# State Preparation¶

Most quantum applications start with preparing a state in a quantum register. For example, in finance the state may represent price distribution of some assets. In chemistry, it may be an initial guess for the ground state of a molecule and in a quantum machine learning, feature vector to be analyzed.

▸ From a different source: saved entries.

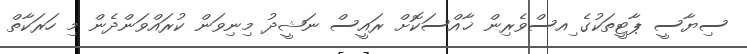
ސިޔާސީ ޕާޓީތަކުގެ ިއސްވެރިން ޚާއްސަކޮށް ރައީސް ނަޝީދު މިނިވަން ކުރައްވަންދެން މި ހަރަކާތް
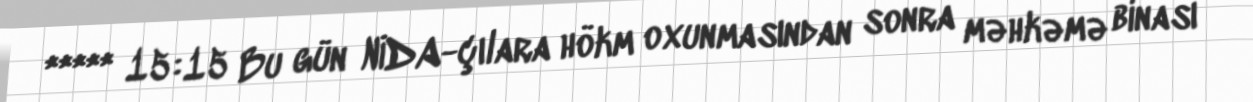
***** 15:15 Bu gün NİDA-çılara hökm oxunmasından sonra məhkəmə binası
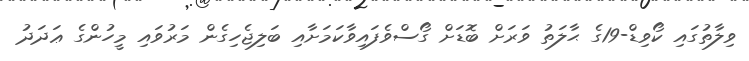
ވިލާތުގައި ކޯވިޑް-19ގެ ޙާލަތު ވަރަށް ބޮޑަށް ގޯސްވެފައިވާކަމަށާއި ބަލިޖެހިގެން މަރުވައި މީހުންގެ ޢަދަދު
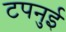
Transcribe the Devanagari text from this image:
टपनुई
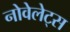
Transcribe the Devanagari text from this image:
नोवेलेट्स
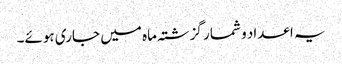
یہ اعداد و شمار گزشتہ ماہ میں جاری ہوئے۔
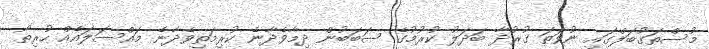
މުސްތަގުބަލްގައި ނުވަތަ ގުރުދާ ބަދަލު ކުރުމުގެ ސަބަބުން ދިމާވެދާނެ ކުރިމަތިވެދާނެ މައްސަލައެއް ހުރިތޯ
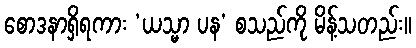
စောဒနာရှိရကား ‘ယသ္မာ ပန’ စသည်ကို မိန့်သတည်း။
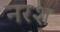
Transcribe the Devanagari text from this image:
नरश
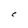
Character: C
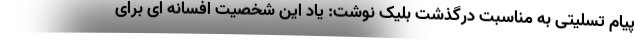
پیام تسلیتی به مناسبت درگذشت بلیک نوشت: یاد این شخصیت افسانه ای برای
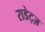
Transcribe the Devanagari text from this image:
राडेट्ज़
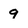
Character: 9
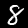
Label: 8
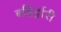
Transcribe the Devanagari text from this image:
बहिर्द्वारी
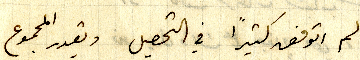
لم اتوفق كثيراً في التحصيل ويقدر المجموع
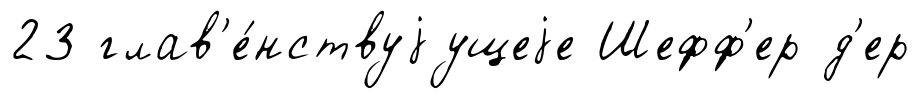
23 глав'е́нствуjущеjе Шефф'ер д'ер
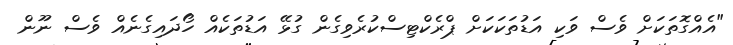
"އެއްގޮތަކަށް ވެސް ވަކި އަޑުތަކަކަށް ޕްރެކްޓިސްކުރެވިގެން ގުޅޭ އަޑުތަކެއް ހޯދައިގެނެއް ވެސް ނޫން
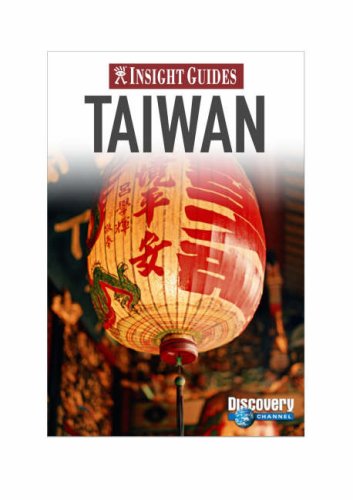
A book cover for Insight Guides: Taiwan; Travel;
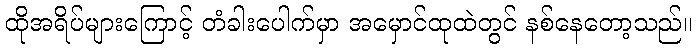
ထိုအရိပ်များကြောင့် တံခါးပေါက်မှာ အမှောင်ထုထဲတွင် နစ်နေတော့သည်။
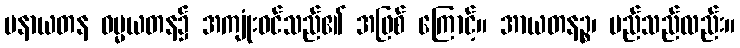
မနာယတန ဓမ္မယတန၌ အကျုံးဝင်သည်၏ အဖြစ် ကြောင့်။ အာယတနဉ္စ၊ မည်သည်လည်း။
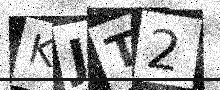
Text: KJT2
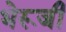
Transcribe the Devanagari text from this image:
भेरूजी

The state preparation function creates a quantum circuit which outputs the desired probability distribution $$p_{i}$$ in the computational basis, with $$i$$ denoting the corresponding basis state. The distribution can be in the form of a list or a list of pairs of numbers for the first and second moments of a gaussian mixture. The resulting wave function is given by

$\left|\psi\right\rangle = \sum_{i}\sqrt{p_{i}} \left|i\right\rangle,$

In general, state preparation is hard. Only a very small portion of the Hilbert space can be prepared efficiently (in $$O(poly(n))$$ steps) on a quantum circuit. Therefore, in practice, an approximation is often used to lower the complexity. The approximation is specified by an error metric and error range.

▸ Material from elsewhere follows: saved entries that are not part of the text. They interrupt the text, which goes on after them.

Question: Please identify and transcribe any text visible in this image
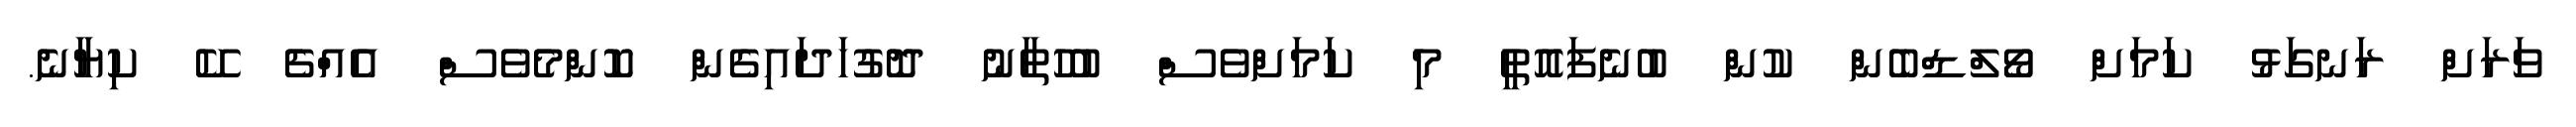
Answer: ވަރަށް ރަނގަޅު ކަމަށް ވޯލްޑްބެން ކުން ބުނެފައޮތީ މި ކަމަށްވެސް ބުހުތާނު ދޮގުހަދައިގެން ކޮންމެވެސް އެއްޗެ ކޭ ކިޔާނެ.
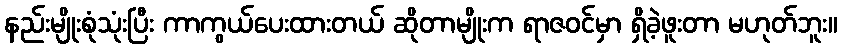
နည်းမျိုးစုံသုံးပြီး ကာကွယ်ပေးထားတယ် ဆိုတာမျိုးက ရာဇဝင်မှာ ရှိခဲ့ဖူးတာ မဟုတ်ဘူး။
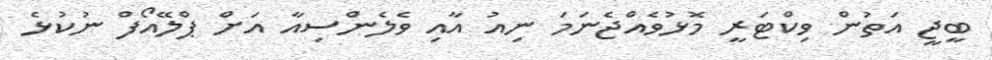
ބީޖީ އަތުން ވިކްޓަރީ މޮޅުވެއްޖެނަމަ ނިއު އާއި ވެލެންސިއާ އަށް ޕްލޭއޯފް ނުކުޅެ
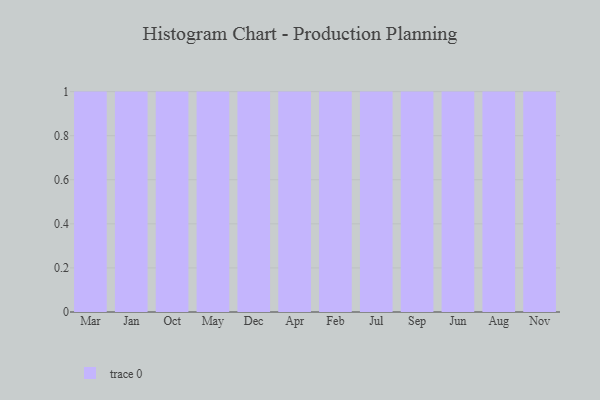
{"axis": {"x": "Month", "y": "Bounce Rate (%)"}, "legend": [""], "data": [{"x": "Mar", "y": 22, "type": ""}, {"x": "Jan", "y": 38, "type": ""}, {"x": "Oct", "y": 48, "type": ""}, {"x": "May", "y": 57, "type": ""}, {"x": "Dec", "y": 28, "type": ""}, {"x": "Apr", "y": 8, "type": ""}, {"x": "Feb", "y": 61, "type": ""}, {"x": "Jul", "y": 73, "type": ""}, {"x": "Sep", "y": 78, "type": ""}, {"x": "Jun", "y": 18, "type": ""}, {"x": "Aug", "y": 52, "type": ""}, {"x": "Nov", "y": 43, "type": ""}]}
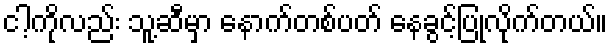
ငါ့ကိုလည်း သူ့ဆီမှာ နောက်တစ်ပတ် နေခွင့်ပြုလိုက်တယ်။
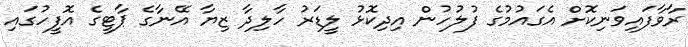
ރާވާފައިވަނިކޮށް އެގައުމުގެ ފުލުހުން އިދިކޮޅު ލީޑަރު ހާލިދާ ޒިޔާ އޭނާގެ ޕާޓީގެ އޮފީހުގައި
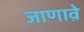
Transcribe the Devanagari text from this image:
जाणावे़

For a circuit consisting of error-less gates, there are five different options for the error metric:

• Kullback–Leibler divergence (KL)
• $$L_p$$ norms: $$L_1$$, $$L_2$$, and $$L_\infty$$(max probability)
• Loss of fidelity (FL), defined by $$\rm{FL} = 1 - \left|\left\langle \tilde{\psi} \right|\left.\vphantom {\tilde{\psi}}\psi\right\rangle \right|^{2}$$, where $${\psi}$$, $$\tilde {\psi}$$ is the exact, approximated state, respectively. Note: for hardware-aware synthesis (described below), only the loss of fidelity error metric is allowed.

The higher the specified error tolerance, the smaller the output circuit will be. Not specifying an error will result in an attempt to build the exact circuit.

The function also supports hardware-aware circuit synthesis. Imperfections in the two-qubit gates, such as CX or CZ, can be taken into account by specifying the gate error - the average loss of fidelity, defined below.

$\rm{FL}\left(\mathcal{E},U\right) = 1 - \int d\psi\bra{\psi} U^{\dagger}\mathcal{E}\left(\ket{\psi} \bra{\psi}\right)U\ket{\psi}$

With $$U$$ referring to an ideal gate and $$\mathcal{E}$$ the quantum operation corresponding to the noisy gate.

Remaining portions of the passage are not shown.